Cluster analysis in mlr3 is integrated with mlr3viz which provides a number of useful plots. Some of those plots are shown below.

task = TaskClust$new("iris", iris[-5])
learner = lrn("clust.kmeans")
prediction = learner$predict(task)

# performing PCA on task and showing assignments
autoplot(prediction, task, type = "pca")

# same as above but with probability ellipse that assumes normal distribution
autoplot(prediction, task, type = "pca", frame = TRUE, frame.type = "norm")

task = tsk("usarrests")
learner = lrn("clust.hclust")

# dendrogram for hierarchical clustering
autoplot(learner, task = task)

Silhouette plots can help to visually assess the quality of the analysis and help choose a number of clusters for a given data set. The red dotted line shows the mean silhouette value and each bar represents a data point. If most points in each cluster have an index around or higher than mean silhouette, the number of clusters is chosen well.

# silhouette plot allows to visually inspect the quality of clustering
task = TaskClust$new("iris", iris[-5])
learner = lrn("clust.kmeans")
learner$param_set$values = list(centers = 5L)
prediction = learner$predict(task)
autoplot(prediction, task, type = "sil")

The plot shows that all points in cluster 5 and almost all points in clusters 4, 2 and 1 are below average silhouette index. This means that a lot of observations lie either on the border of clusters or are likely assigned to the wrong cluster.

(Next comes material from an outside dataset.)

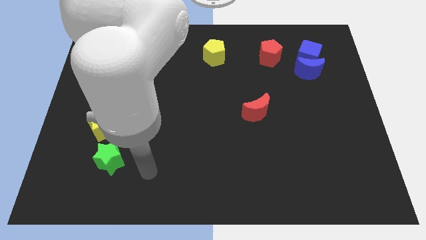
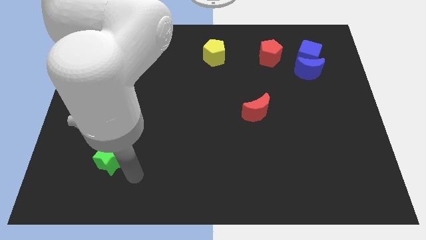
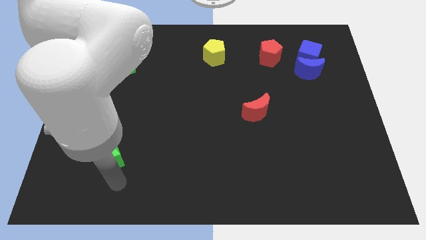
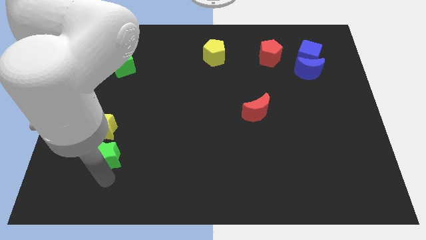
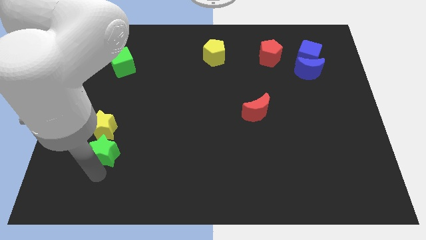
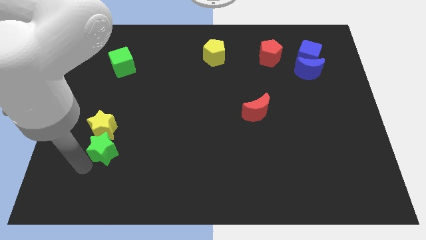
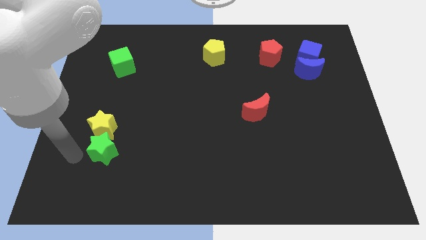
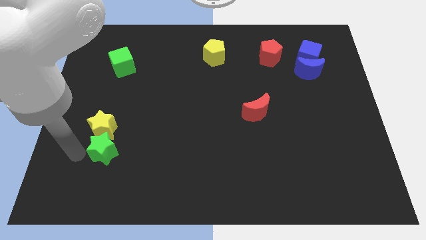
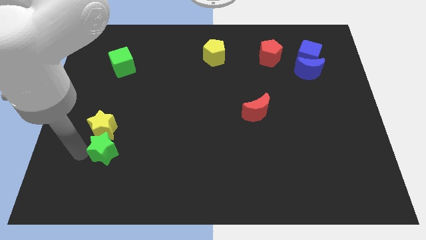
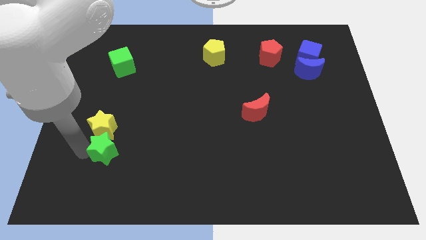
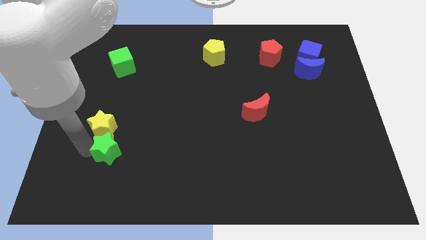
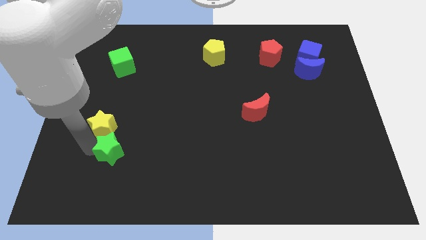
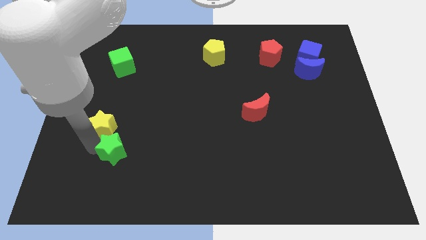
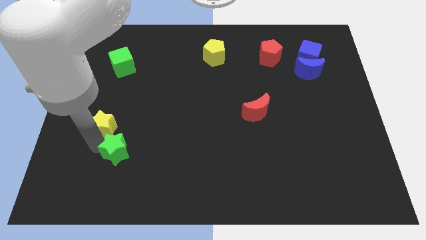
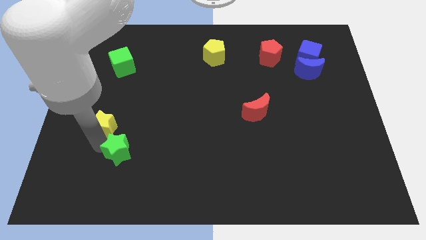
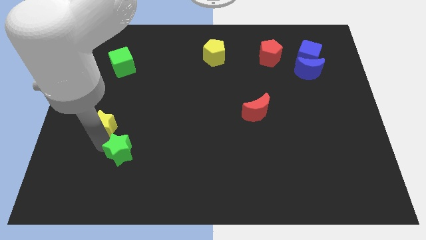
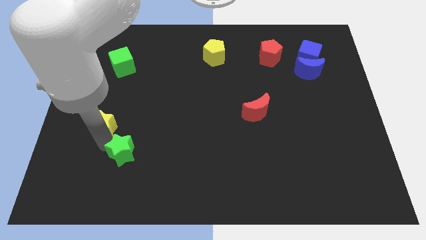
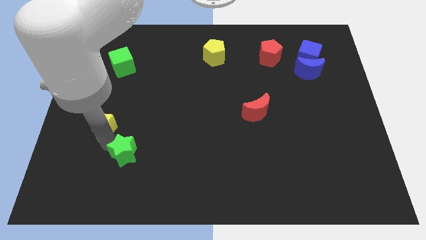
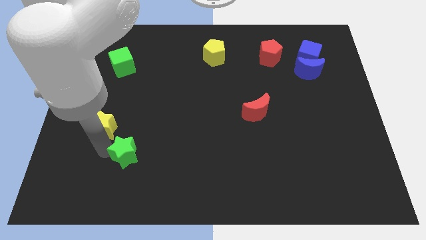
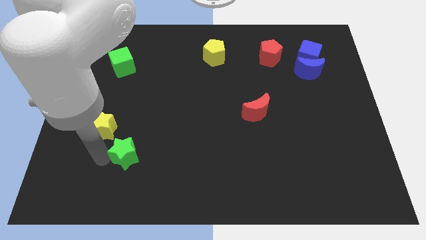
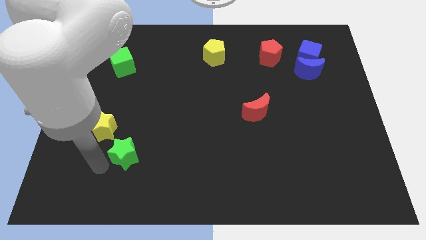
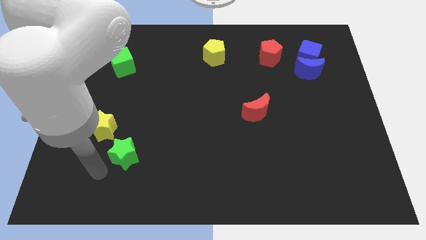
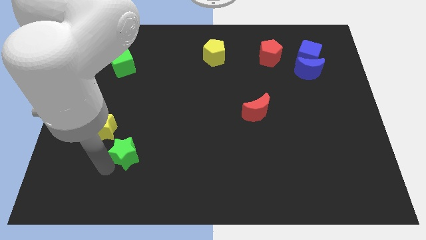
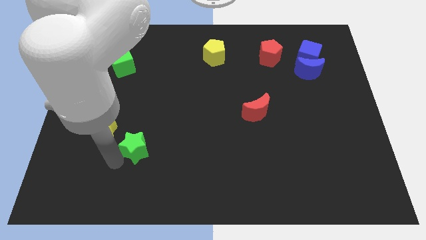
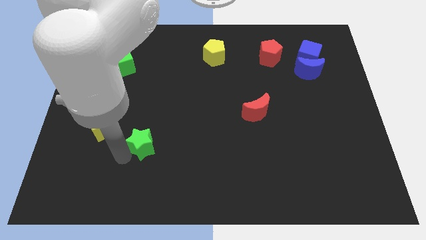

learner = lrn("clust.kmeans")
learner$param_set$values = list(centers = 2L)
prediction = learner$predict(task)
autoplot(prediction, task, type = "sil")

Setting the number of centers to two improves both the average silhouette score as well as the overall quality of clustering because almost all points in cluster 1 are higher than, and a lot of points in cluster 2 are close to the mean silhouette. Hence, having two centers might be a better choice for the number of clusters.